**What you are asked to do:** From the records below, please repeat exactly the line that has "Q 445.561 643.284, 447.041 645.964", the line that has "Q 266.877 607.618, 270.237 611.418", and every line between them, and nothing else.

Stored dataset items:
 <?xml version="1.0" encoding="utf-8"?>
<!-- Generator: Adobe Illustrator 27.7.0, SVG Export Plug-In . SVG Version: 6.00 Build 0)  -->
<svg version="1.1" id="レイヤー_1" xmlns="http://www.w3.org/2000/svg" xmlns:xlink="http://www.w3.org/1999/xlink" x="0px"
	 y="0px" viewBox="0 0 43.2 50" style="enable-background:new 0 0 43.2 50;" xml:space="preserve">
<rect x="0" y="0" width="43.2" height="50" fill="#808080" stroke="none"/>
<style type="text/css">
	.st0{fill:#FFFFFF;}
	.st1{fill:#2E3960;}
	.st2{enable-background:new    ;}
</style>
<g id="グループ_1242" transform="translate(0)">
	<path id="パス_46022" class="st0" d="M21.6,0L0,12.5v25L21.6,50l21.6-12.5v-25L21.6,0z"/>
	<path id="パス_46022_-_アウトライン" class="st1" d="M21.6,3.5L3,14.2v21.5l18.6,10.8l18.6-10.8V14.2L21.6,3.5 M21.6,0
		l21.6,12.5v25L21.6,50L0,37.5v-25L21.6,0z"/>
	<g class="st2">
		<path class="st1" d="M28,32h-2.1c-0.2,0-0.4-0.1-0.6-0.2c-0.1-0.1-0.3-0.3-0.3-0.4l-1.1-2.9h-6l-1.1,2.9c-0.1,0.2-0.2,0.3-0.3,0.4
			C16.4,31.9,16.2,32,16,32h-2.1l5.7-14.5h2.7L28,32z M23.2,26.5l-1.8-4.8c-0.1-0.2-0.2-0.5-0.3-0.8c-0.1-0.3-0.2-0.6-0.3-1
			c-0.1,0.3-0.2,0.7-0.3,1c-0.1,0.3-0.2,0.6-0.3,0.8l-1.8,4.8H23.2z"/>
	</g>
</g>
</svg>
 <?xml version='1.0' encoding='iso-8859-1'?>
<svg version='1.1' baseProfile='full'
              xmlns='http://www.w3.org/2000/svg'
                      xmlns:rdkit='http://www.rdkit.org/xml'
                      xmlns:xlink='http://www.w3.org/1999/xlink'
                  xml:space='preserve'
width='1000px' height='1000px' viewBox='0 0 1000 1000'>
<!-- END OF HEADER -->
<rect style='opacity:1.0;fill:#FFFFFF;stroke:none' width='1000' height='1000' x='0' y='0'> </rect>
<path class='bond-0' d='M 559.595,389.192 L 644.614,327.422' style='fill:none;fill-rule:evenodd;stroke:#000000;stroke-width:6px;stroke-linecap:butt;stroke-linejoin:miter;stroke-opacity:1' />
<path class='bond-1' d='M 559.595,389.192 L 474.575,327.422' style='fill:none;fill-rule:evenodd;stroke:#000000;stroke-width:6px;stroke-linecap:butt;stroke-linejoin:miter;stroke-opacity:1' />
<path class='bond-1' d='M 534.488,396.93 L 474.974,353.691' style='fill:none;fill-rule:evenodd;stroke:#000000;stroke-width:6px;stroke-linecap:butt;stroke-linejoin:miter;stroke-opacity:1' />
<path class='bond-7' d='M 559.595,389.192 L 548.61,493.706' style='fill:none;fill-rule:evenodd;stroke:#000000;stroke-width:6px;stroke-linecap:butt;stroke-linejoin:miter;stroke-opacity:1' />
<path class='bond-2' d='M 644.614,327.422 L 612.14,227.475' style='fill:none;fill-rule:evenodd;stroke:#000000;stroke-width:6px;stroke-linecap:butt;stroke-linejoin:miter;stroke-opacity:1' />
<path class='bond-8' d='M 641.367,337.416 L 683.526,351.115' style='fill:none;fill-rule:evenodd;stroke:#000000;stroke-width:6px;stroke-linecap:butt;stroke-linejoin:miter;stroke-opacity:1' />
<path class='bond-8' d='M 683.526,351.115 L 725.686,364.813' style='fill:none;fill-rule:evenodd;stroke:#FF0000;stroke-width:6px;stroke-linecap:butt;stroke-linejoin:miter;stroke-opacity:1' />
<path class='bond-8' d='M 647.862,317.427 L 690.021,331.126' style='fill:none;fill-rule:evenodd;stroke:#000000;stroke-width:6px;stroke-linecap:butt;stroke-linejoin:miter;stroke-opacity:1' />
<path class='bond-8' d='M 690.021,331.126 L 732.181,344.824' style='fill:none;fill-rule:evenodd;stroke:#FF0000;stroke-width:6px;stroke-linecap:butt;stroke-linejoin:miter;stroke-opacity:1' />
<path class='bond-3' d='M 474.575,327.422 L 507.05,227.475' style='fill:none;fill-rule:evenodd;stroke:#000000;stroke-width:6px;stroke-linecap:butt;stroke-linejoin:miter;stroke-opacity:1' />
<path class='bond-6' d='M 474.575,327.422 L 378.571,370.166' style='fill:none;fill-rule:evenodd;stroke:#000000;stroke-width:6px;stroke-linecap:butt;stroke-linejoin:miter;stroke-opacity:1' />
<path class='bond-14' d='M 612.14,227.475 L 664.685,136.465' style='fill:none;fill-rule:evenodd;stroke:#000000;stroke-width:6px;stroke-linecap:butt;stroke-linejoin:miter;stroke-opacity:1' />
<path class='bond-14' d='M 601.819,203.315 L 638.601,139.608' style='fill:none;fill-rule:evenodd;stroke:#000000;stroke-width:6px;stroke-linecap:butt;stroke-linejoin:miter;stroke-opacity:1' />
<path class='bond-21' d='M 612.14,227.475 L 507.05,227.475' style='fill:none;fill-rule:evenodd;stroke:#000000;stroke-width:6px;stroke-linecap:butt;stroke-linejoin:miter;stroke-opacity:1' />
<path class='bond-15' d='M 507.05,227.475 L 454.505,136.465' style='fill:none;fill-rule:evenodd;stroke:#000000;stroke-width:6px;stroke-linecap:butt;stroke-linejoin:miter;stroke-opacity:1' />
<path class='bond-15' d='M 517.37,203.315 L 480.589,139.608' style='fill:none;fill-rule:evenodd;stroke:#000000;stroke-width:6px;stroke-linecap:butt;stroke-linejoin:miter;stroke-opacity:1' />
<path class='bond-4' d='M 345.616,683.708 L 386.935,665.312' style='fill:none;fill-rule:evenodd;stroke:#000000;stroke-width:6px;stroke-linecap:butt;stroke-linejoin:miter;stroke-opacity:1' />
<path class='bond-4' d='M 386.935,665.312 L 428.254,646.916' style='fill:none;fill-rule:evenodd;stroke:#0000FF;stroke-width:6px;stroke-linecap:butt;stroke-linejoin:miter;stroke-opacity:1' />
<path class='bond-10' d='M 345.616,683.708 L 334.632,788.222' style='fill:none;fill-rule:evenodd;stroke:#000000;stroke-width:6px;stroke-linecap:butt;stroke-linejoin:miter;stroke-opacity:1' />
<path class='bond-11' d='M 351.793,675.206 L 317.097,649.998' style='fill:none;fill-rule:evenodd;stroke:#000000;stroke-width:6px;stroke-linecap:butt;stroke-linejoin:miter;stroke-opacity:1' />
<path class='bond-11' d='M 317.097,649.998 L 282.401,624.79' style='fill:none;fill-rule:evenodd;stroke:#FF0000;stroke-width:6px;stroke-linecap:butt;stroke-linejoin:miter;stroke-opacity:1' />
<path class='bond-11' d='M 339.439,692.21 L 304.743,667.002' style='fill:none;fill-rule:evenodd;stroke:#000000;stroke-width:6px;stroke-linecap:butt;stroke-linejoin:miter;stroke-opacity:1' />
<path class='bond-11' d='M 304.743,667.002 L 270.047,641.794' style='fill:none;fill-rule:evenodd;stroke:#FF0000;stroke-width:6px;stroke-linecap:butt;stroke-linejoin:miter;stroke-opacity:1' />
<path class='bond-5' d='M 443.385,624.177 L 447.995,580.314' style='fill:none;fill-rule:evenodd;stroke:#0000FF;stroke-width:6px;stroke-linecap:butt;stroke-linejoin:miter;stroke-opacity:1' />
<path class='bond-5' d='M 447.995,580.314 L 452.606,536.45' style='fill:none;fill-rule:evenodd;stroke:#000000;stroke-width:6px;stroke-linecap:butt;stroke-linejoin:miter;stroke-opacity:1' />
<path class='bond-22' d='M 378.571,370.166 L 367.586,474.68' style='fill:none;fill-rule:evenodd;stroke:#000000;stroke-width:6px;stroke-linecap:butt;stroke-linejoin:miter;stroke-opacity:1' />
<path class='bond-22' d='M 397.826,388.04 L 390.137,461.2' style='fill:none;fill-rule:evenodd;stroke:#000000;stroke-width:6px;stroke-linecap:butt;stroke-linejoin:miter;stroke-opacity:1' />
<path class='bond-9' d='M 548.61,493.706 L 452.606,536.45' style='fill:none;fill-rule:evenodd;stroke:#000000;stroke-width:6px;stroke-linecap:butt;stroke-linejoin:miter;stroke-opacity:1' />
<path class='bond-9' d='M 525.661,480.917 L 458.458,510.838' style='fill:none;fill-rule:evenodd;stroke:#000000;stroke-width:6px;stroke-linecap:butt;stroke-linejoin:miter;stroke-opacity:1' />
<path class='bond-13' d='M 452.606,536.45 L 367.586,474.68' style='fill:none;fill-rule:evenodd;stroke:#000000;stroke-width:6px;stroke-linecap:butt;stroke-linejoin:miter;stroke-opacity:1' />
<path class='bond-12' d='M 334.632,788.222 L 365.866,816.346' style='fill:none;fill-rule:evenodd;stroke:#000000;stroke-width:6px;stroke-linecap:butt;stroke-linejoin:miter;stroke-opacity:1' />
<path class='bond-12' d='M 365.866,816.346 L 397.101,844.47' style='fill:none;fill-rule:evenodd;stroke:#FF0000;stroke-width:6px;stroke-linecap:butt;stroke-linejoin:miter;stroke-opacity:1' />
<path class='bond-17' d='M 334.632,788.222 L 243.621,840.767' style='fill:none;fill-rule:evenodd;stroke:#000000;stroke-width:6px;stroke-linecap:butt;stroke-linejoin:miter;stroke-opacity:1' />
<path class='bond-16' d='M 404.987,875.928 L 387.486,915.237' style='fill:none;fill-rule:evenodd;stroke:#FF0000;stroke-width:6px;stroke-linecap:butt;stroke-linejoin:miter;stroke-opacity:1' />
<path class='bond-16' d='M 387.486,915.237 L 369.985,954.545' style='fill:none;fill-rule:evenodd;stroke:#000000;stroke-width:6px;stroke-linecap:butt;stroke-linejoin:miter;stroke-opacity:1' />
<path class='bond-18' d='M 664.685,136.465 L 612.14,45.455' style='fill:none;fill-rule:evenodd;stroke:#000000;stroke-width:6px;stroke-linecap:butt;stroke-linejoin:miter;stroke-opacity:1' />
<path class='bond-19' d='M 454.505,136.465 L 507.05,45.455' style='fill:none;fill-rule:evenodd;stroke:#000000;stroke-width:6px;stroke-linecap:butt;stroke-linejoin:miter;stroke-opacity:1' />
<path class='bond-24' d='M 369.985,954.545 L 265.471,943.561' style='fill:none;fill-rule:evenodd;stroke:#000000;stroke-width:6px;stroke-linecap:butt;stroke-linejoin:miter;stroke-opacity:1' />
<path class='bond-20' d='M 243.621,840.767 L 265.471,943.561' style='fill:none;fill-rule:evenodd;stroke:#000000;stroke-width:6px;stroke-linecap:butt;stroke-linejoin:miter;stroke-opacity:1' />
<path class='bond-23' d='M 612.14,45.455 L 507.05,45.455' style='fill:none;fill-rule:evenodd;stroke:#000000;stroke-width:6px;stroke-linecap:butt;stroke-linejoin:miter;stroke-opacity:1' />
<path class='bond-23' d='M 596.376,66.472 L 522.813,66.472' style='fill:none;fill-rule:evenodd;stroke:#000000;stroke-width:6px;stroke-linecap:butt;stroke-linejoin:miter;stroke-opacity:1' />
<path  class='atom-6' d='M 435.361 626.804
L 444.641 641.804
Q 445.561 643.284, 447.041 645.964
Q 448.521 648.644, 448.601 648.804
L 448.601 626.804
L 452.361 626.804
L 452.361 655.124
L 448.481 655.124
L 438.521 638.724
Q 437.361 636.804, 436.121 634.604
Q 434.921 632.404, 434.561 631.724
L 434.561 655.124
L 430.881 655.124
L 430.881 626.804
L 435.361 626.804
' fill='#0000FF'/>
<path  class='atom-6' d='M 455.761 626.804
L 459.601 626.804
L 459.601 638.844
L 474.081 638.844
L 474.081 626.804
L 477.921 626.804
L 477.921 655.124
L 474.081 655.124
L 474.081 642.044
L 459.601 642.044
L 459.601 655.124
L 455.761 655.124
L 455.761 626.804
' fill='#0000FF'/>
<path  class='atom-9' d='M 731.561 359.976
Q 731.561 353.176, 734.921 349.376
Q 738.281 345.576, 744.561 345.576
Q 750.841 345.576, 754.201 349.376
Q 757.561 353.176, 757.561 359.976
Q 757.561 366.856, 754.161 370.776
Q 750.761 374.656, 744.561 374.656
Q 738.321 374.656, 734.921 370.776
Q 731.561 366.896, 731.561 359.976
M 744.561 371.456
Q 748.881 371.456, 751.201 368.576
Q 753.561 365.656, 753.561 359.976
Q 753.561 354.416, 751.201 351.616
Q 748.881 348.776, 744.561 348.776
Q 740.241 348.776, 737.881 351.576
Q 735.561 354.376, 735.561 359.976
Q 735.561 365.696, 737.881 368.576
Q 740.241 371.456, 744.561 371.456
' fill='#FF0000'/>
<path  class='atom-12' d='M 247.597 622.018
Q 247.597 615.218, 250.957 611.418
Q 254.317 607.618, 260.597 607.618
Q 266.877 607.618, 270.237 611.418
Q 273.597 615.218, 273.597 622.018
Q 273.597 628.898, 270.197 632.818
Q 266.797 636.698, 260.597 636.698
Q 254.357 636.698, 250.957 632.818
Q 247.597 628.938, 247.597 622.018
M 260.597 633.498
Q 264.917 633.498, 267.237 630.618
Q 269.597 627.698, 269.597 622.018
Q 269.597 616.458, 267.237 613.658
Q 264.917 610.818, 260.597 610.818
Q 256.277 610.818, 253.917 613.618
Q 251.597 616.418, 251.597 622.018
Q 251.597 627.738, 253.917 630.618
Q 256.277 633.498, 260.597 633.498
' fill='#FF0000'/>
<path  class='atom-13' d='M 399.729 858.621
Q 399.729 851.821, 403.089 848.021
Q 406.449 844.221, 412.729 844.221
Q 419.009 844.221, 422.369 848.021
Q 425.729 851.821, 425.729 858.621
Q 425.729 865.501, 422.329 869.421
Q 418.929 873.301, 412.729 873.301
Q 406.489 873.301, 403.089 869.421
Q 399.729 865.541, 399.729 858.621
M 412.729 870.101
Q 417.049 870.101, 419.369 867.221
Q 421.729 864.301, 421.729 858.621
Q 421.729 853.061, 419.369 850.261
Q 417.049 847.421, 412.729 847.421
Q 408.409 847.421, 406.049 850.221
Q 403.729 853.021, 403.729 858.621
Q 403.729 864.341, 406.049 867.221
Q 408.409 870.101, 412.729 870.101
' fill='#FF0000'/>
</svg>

**Exercise response:**
Q 445.561 643.284, 447.041 645.964
Q 448.521 648.644, 448.601 648.804
L 448.601 626.804
L 452.361 626.804
L 452.361 655.124
L 448.481 655.124
L 438.521 638.724
Q 437.361 636.804, 436.121 634.604
Q 434.921 632.404, 434.561 631.724
L 434.561 655.124
L 430.881 655.124
L 430.881 626.804
L 435.361 626.804
' fill='#0000FF'/>
<path  class='atom-6' d='M 455.761 626.804
L 459.601 626.804
L 459.601 638.844
L 474.081 638.844
L 474.081 626.804
L 477.921 626.804
L 477.921 655.124
L 474.081 655.124
L 474.081 642.044
L 459.601 642.044
L 459.601 655.124
L 455.761 655.124
L 455.761 626.804
' fill='#0000FF'/>
<path  class='atom-9' d='M 731.561 359.976
Q 731.561 353.176, 734.921 349.376
Q 738.281 345.576, 744.561 345.576
Q 750.841 345.576, 754.201 349.376
Q 757.561 353.176, 757.561 359.976
Q 757.561 366.856, 754.161 370.776
Q 750.761 374.656, 744.561 374.656
Q 738.321 374.656, 734.921 370.776
Q 731.561 366.896, 731.561 359.976
M 744.561 371.456
Q 748.881 371.456, 751.201 368.576
Q 753.561 365.656, 753.561 359.976
Q 753.561 354.416, 751.201 351.616
Q 748.881 348.776, 744.561 348.776
Q 740.241 348.776, 737.881 351.576
Q 735.561 354.376, 735.561 359.976
Q 735.561 365.696, 737.881 368.576
Q 740.241 371.456, 744.561 371.456
' fill='#FF0000'/>
<path  class='atom-12' d='M 247.597 622.018
Q 247.597 615.218, 250.957 611.418
Q 254.317 607.618, 260.597 607.618
Q 266.877 607.618, 270.237 611.418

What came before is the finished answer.